In this study, we report the localization and expression of BMPs in osteoclasts generated from primary cocultures of bone marrow cells with mouse calvarial osteoblasts, using immunocytochemistry, in situ hybridization, quantitative real-time PCR, and Western blotting. Our working hypothesis is that BMPs expressed by osteoclasts recruit osteoblasts to a bone resorption site, thus initiating the anabolic phase of bone remodeling.

Materials and Methods

Osteoclastogenesis in Cocultured Mouse Calvarial Osteoblasts and Bone Marrow (BM)
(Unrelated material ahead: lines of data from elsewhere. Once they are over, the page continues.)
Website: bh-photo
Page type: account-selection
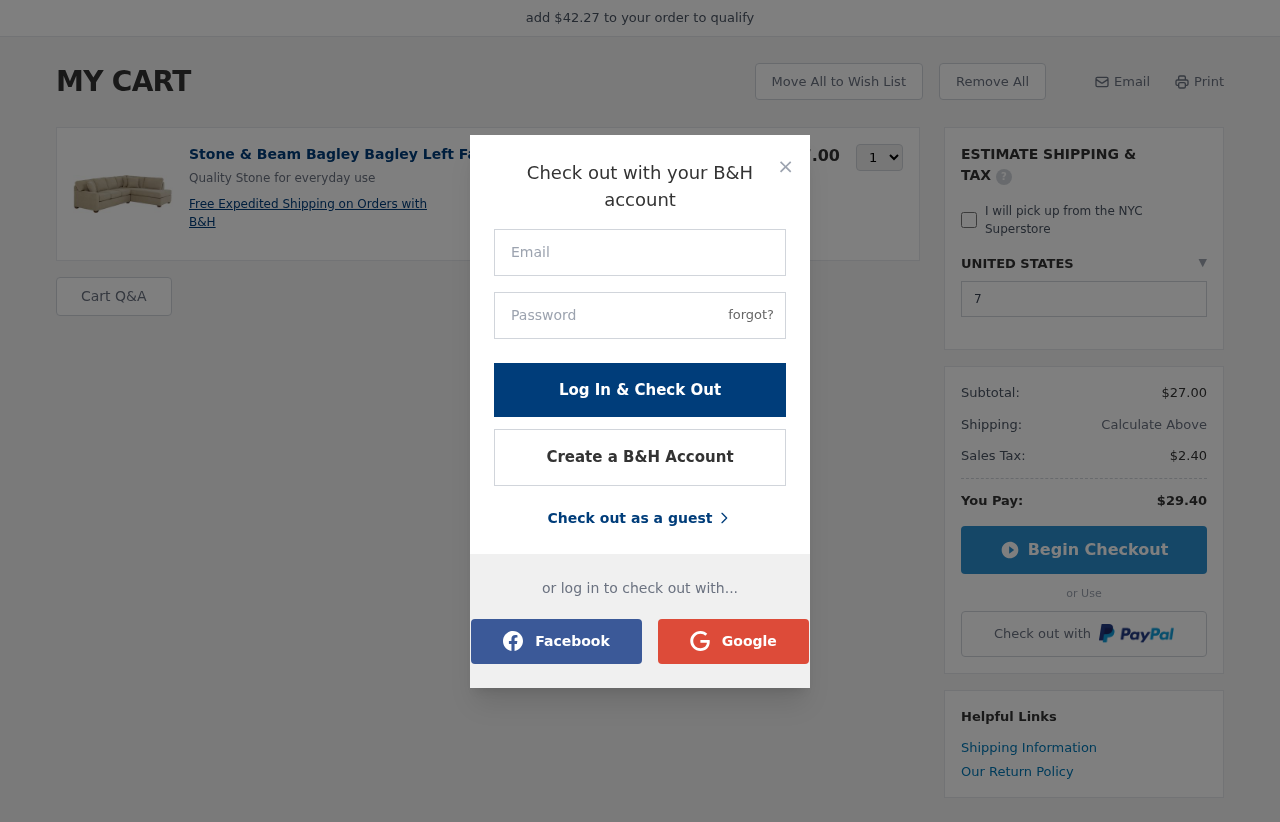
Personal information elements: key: PII_COUNTRY
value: UNITED STATES
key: PII_LOGIN_USERNAME
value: daringomez29
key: PII_POSTCODE
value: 79499
Product elements: key: PRODUCT1_DESC
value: Quality Stone for everyday use
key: PRODUCT1_NAME
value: Stone & Beam Bagley Bagley Left Facing Sofa Fabric
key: PRODUCT1_PRICE
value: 27
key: PRODUCT1_QUANTITY
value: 1
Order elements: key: ORDER_SUBTOTAL
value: $27.00
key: ORDER_TAX
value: $2.40
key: ORDER_TOTAL
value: $29.40
Other elements: key: AMOUNT_TO_QUALIFY
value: $42.27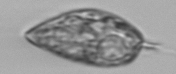
Label: Prorocentrum_micans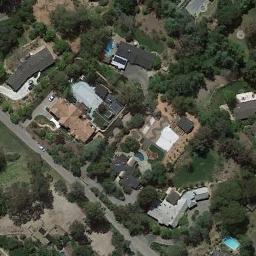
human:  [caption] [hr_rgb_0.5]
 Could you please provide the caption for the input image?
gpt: The medium residential area has lots of trees and some houses and a road goes through the medium residential area .

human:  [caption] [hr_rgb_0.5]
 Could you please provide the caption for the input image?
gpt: The medium residential is on the grass next to some trees and road .

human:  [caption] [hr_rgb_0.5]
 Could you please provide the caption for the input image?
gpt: Many buildings are in medium residential area .

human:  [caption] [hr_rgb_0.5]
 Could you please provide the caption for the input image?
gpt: There are many green trees and some buildings on the medium residential area .

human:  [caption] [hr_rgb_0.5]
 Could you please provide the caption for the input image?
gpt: There are a few cars on the road next to the medium-sized residential area .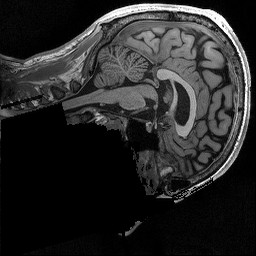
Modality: T1w
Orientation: sagittal
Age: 31
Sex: male
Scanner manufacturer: siemens
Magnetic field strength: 3 T
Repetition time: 2.3 s
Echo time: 0.00298 s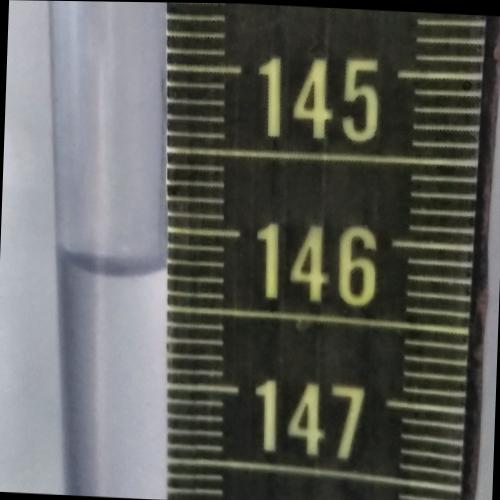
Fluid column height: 146.3 cm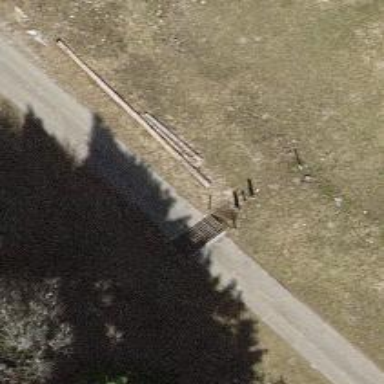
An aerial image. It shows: Cattle grid barrier.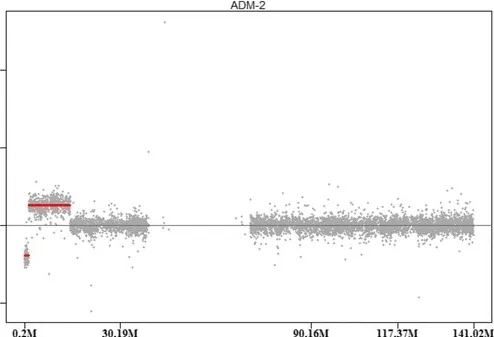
Array-CGH log2 ratio profile of our case showing and an ideogram of chromosome 9 showing the deleted region (red) and duplicated region (green), the mutated genes are also noted.
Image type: pathology (immunostaining)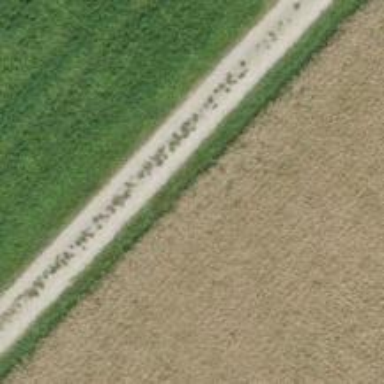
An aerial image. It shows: Gravel track of grade3 type.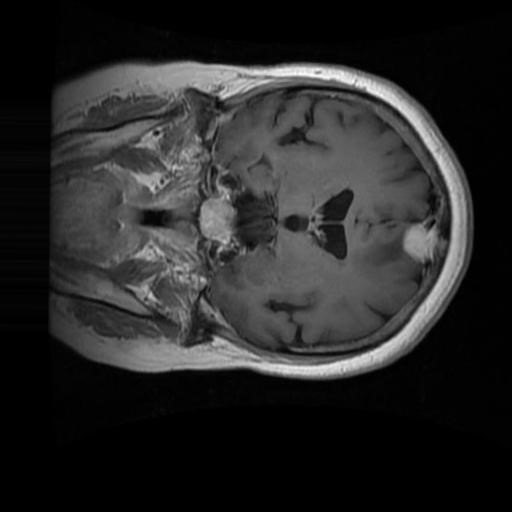
Label: brain_menin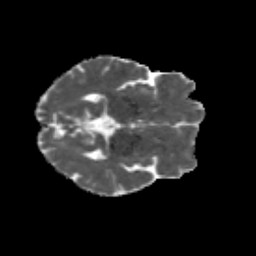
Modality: MD
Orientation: axial
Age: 61
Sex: male
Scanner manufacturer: siemens
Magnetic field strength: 3 T
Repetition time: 4.71 s
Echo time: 0.0906 s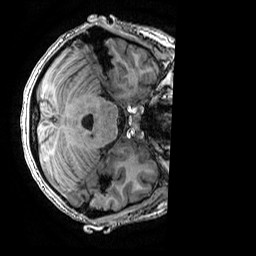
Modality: T1w
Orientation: axial
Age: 18
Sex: female
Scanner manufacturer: ge
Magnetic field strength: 3 T
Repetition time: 0.007 s
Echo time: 0.00342 s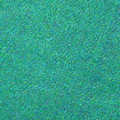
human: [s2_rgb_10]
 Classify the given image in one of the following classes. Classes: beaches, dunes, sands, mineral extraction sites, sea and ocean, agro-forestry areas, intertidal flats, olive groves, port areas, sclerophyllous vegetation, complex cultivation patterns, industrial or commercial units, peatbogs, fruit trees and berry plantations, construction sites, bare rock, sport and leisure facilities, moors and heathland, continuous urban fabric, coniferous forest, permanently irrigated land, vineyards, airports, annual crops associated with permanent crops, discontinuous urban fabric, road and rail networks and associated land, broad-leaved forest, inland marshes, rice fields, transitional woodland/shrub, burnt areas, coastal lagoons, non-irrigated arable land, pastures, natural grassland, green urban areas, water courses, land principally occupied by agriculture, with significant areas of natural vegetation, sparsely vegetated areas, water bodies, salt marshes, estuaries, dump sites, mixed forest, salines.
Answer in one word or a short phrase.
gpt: sea and ocean

Primary osteoblast cultures were prepared from 1- or 2-day-old CD1 mouse calvaria (Ecarot-Charrier et al. 1983) according to the guidelines of the Institutional Animal Care and Use Committee, University of Kansas Medical Center. Briefly, small pieces of calvaria were incubated in 60-mm tissue culture dishes containing BGJb media supplemented with 10% FBS for 2 days at 37C with 5% CO₂. During this period, the mature osteoblasts migrate off the calvaria, as determined by their ability to exhibit alkaline phosphatase enzyme activity and produce mineralizing nodules (data not shown). The mature osteoblasts were harvested by trypsinization and cultured in tissue culture slide wells (1 × 10⁵ osteoblasts/8.6-cm² surface area) in phenol red–free α-MEM mineralizing medium containing 10% FBS, 2.5 mM β-glycerophosphate, and 10^-8 M 1α,25-(OH)₂ vitamin D₃ for 2 days prior to coculture with bone marrow cells. Multiple-passaged osteoblasts up to the fifth passage supported the formation of multinucleate, TRAP-positive osteoclasts from bone marrow. Bone marrow was obtained by aspiration from femurs and tibiae of 8-week-old CD1 mice. Adherent nucleated marrow cells (0.5 × 10⁶/8.6-cm² surface area) were cocultured with confluent osteoblast cultures in phenol red–free α-MEM medium containing 10% FBS and supplemented with 10^-8 M 1α,25-(OH)₂ vitamin D₃ and 10^-6 M prostaglandin E₂ at 37C for 15 days in a humidified atmosphere of 5% CO₂. The medium was changed every other day. After 15 days, the cocultures were prepared for TRAP staining, BMP-immunocytochemistry, and in situ hybridization.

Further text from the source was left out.